## Exercise objective
Because the copy must hold no pictures, return the data below with all of its words intact.

## Data listing
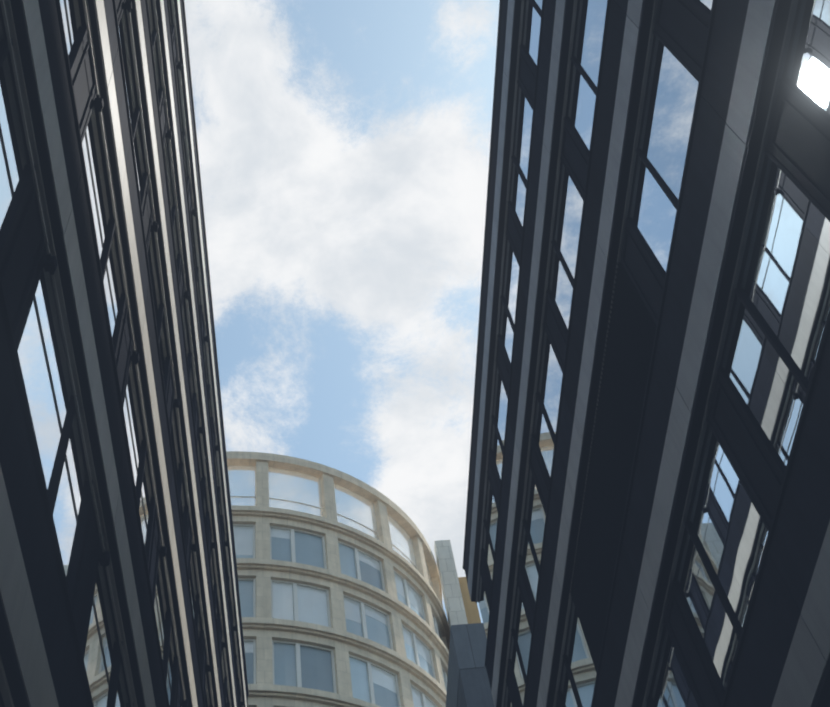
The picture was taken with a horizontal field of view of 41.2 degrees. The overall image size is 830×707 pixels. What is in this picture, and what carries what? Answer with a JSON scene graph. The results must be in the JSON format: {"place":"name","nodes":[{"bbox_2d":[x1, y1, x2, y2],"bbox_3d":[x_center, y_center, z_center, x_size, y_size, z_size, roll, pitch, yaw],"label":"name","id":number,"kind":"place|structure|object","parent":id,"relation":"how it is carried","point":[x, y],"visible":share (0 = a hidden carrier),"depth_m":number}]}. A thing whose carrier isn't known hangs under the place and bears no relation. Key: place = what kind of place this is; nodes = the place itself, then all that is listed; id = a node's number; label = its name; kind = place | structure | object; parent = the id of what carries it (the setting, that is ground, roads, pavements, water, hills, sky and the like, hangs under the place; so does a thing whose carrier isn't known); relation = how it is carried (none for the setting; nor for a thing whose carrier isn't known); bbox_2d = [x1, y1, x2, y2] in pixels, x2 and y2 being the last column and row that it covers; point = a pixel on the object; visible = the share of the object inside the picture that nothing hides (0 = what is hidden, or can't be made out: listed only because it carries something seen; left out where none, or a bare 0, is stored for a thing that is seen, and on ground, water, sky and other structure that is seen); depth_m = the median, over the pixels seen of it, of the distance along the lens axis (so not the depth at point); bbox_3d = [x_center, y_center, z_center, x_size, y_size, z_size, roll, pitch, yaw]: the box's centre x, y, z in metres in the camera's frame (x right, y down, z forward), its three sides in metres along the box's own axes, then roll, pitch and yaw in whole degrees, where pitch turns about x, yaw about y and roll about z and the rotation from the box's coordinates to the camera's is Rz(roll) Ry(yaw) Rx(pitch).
{"place":"outdoors","nodes":[
{"label":"outdoors","id":0,"kind":"place"},
{"bbox_2d":[0,0,247,706],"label":"building facade","id":1,"kind":"structure","parent":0,"point":[63,611],"depth_m":13.09},
{"bbox_2d":[0,0,237,706],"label":"window panes","id":2,"kind":"structure","parent":1,"relation":"in","point":[44,366],"depth_m":11.75},
{"bbox_2d":[0,0,246,706],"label":"facade ledges","id":3,"kind":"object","parent":1,"relation":"attached to","point":[16,598],"depth_m":13.09},
{"bbox_2d":[183,0,248,695],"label":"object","id":4,"kind":"object","parent":1,"relation":"on","point":[214,325],"visible":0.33,"depth_m":30.21},
{"bbox_2d":[233,526,435,706],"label":"window blinds","id":5,"kind":"object","parent":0,"point":[312,605],"visible":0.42,"depth_m":48.68},
{"bbox_2d":[184,0,499,622],"label":"sky","id":6,"kind":"structure","parent":0,"point":[344,145]},
{"bbox_2d":[434,540,467,628],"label":"wall","id":7,"kind":"structure","parent":0,"point":[452,594],"depth_m":58.54},
{"bbox_2d":[446,623,486,706],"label":"grey block","id":8,"kind":"structure","parent":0,"point":[467,646],"depth_m":41.21},
{"bbox_2d":[458,577,480,623],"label":"wall","id":9,"kind":"structure","parent":0,"point":[472,612],"depth_m":57.77},
{"bbox_2d":[457,667,493,706],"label":"grey block","id":10,"kind":"structure","parent":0,"point":[474,689],"depth_m":39.47},
{"bbox_2d":[463,0,829,706],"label":"building facade","id":11,"kind":"structure","parent":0,"point":[701,44],"depth_m":15.19},
{"bbox_2d":[463,0,500,564],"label":"roof edge","id":12,"kind":"object","parent":11,"relation":"on","point":[482,266],"visible":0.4,"depth_m":27.32},
{"bbox_2d":[570,262,656,672],"bbox_3d":[3.163,2.160,17.988,0.050,2.240,7.160,-3,-56,-7],"label":"facade panel","id":13,"kind":"object","parent":11,"relation":"attached to","point":[629,344],"visible":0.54,"depth_m":17.73},
{"bbox_2d":[467,0,829,706],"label":"facade ledges","id":14,"kind":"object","parent":11,"relation":"attached to","point":[805,664],"depth_m":15.76},
{"bbox_2d":[478,0,829,706],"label":"window panes","id":15,"kind":"structure","parent":11,"relation":"in","point":[784,286],"depth_m":14.04},
{"label":"ground","id":16,"kind":"structure","parent":0,"visible":0},
{"bbox_2d":[226,451,449,706],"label":"drum stone","id":17,"kind":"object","parent":16,"relation":"on","point":[263,628],"visible":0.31,"depth_m":50.43},
{"bbox_2d":[230,496,417,569],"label":"railing","id":18,"kind":"object","parent":17,"relation":"attached to","point":[337,514],"visible":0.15,"depth_m":53.61},
{"bbox_2d":[228,465,432,588],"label":"window panes","id":19,"kind":"structure","parent":17,"relation":"in","point":[312,496],"depth_m":54.44},
{"bbox_2d":[233,524,446,706],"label":"window frames","id":20,"kind":"structure","parent":17,"relation":"in","point":[364,629],"depth_m":48.79},
{"bbox_2d":[236,531,446,706],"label":"window panes","id":21,"kind":"structure","parent":20,"relation":"in","point":[316,669],"depth_m":47.09}
]}

## Solution to the exercise
The picture was taken with a horizontal field of view of 41.2 degrees. The overall image size is 830×707 pixels. What is in this picture, and what carries what? Answer with a JSON scene graph. The results must be in the JSON format: {"place":"name","nodes":[{"bbox_2d":[x1, y1, x2, y2],"bbox_3d":[x_center, y_center, z_center, x_size, y_size, z_size, roll, pitch, yaw],"label":"name","id":number,"kind":"place|structure|object","parent":id,"relation":"how it is carried","point":[x, y],"visible":share (0 = a hidden carrier),"depth_m":number}]}. A thing whose carrier isn't known hangs under the place and bears no relation. Key: place = what kind of place this is; nodes = the place itself, then all that is listed; id = a node's number; label = its name; kind = place | structure | object; parent = the id of what carries it (the setting, that is ground, roads, pavements, water, hills, sky and the like, hangs under the place; so does a thing whose carrier isn't known); relation = how it is carried (none for the setting; nor for a thing whose carrier isn't known); bbox_2d = [x1, y1, x2, y2] in pixels, x2 and y2 being the last column and row that it covers; point = a pixel on the object; visible = the share of the object inside the picture that nothing hides (0 = what is hidden, or can't be made out: listed only because it carries something seen; left out where none, or a bare 0, is stored for a thing that is seen, and on ground, water, sky and other structure that is seen); depth_m = the median, over the pixels seen of it, of the distance along the lens axis (so not the depth at point); bbox_3d = [x_center, y_center, z_center, x_size, y_size, z_size, roll, pitch, yaw]: the box's centre x, y, z in metres in the camera's frame (x right, y down, z forward), its three sides in metres along the box's own axes, then roll, pitch and yaw in whole degrees, where pitch turns about x, yaw about y and roll about z and the rotation from the box's coordinates to the camera's is Rz(roll) Ry(yaw) Rx(pitch).
{"place":"outdoors","nodes":[
{"label":"outdoors","id":0,"kind":"place"},
{"bbox_2d":[0,0,247,706],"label":"building facade","id":1,"kind":"structure","parent":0,"point":[63,611],"depth_m":13.09},
{"bbox_2d":[0,0,237,706],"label":"window panes","id":2,"kind":"structure","parent":1,"relation":"in","point":[44,366],"depth_m":11.75},
{"bbox_2d":[0,0,246,706],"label":"facade ledges","id":3,"kind":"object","parent":1,"relation":"attached to","point":[16,598],"depth_m":13.09},
{"bbox_2d":[183,0,248,695],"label":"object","id":4,"kind":"object","parent":1,"relation":"on","point":[214,325],"visible":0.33,"depth_m":30.21},
{"bbox_2d":[233,526,435,706],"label":"window blinds","id":5,"kind":"object","parent":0,"point":[312,605],"visible":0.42,"depth_m":48.68},
{"bbox_2d":[184,0,499,622],"label":"sky","id":6,"kind":"structure","parent":0,"point":[344,145]},
{"bbox_2d":[434,540,467,628],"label":"wall","id":7,"kind":"structure","parent":0,"point":[452,594],"depth_m":58.54},
{"bbox_2d":[446,623,486,706],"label":"grey block","id":8,"kind":"structure","parent":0,"point":[467,646],"depth_m":41.21},
{"bbox_2d":[458,577,480,623],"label":"wall","id":9,"kind":"structure","parent":0,"point":[472,612],"depth_m":57.77},
{"bbox_2d":[457,667,493,706],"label":"grey block","id":10,"kind":"structure","parent":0,"point":[474,689],"depth_m":39.47},
{"bbox_2d":[463,0,829,706],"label":"building facade","id":11,"kind":"structure","parent":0,"point":[701,44],"depth_m":15.19},
{"bbox_2d":[463,0,500,564],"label":"roof edge","id":12,"kind":"object","parent":11,"relation":"on","point":[482,266],"visible":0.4,"depth_m":27.32},
{"bbox_2d":[570,262,656,672],"bbox_3d":[3.163,2.160,17.988,0.050,2.240,7.160,-3,-56,-7],"label":"facade panel","id":13,"kind":"object","parent":11,"relation":"attached to","point":[629,344],"visible":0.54,"depth_m":17.73},
{"bbox_2d":[467,0,829,706],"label":"facade ledges","id":14,"kind":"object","parent":11,"relation":"attached to","point":[805,664],"depth_m":15.76},
{"bbox_2d":[478,0,829,706],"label":"window panes","id":15,"kind":"structure","parent":11,"relation":"in","point":[784,286],"depth_m":14.04},
{"label":"ground","id":16,"kind":"structure","parent":0,"visible":0},
{"bbox_2d":[226,451,449,706],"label":"drum stone","id":17,"kind":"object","parent":16,"relation":"on","point":[263,628],"visible":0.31,"depth_m":50.43},
{"bbox_2d":[230,496,417,569],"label":"railing","id":18,"kind":"object","parent":17,"relation":"attached to","point":[337,514],"visible":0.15,"depth_m":53.61},
{"bbox_2d":[228,465,432,588],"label":"window panes","id":19,"kind":"structure","parent":17,"relation":"in","point":[312,496],"depth_m":54.44},
{"bbox_2d":[233,524,446,706],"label":"window frames","id":20,"kind":"structure","parent":17,"relation":"in","point":[364,629],"depth_m":48.79},
{"bbox_2d":[236,531,446,706],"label":"window panes","id":21,"kind":"structure","parent":20,"relation":"in","point":[316,669],"depth_m":47.09}
]}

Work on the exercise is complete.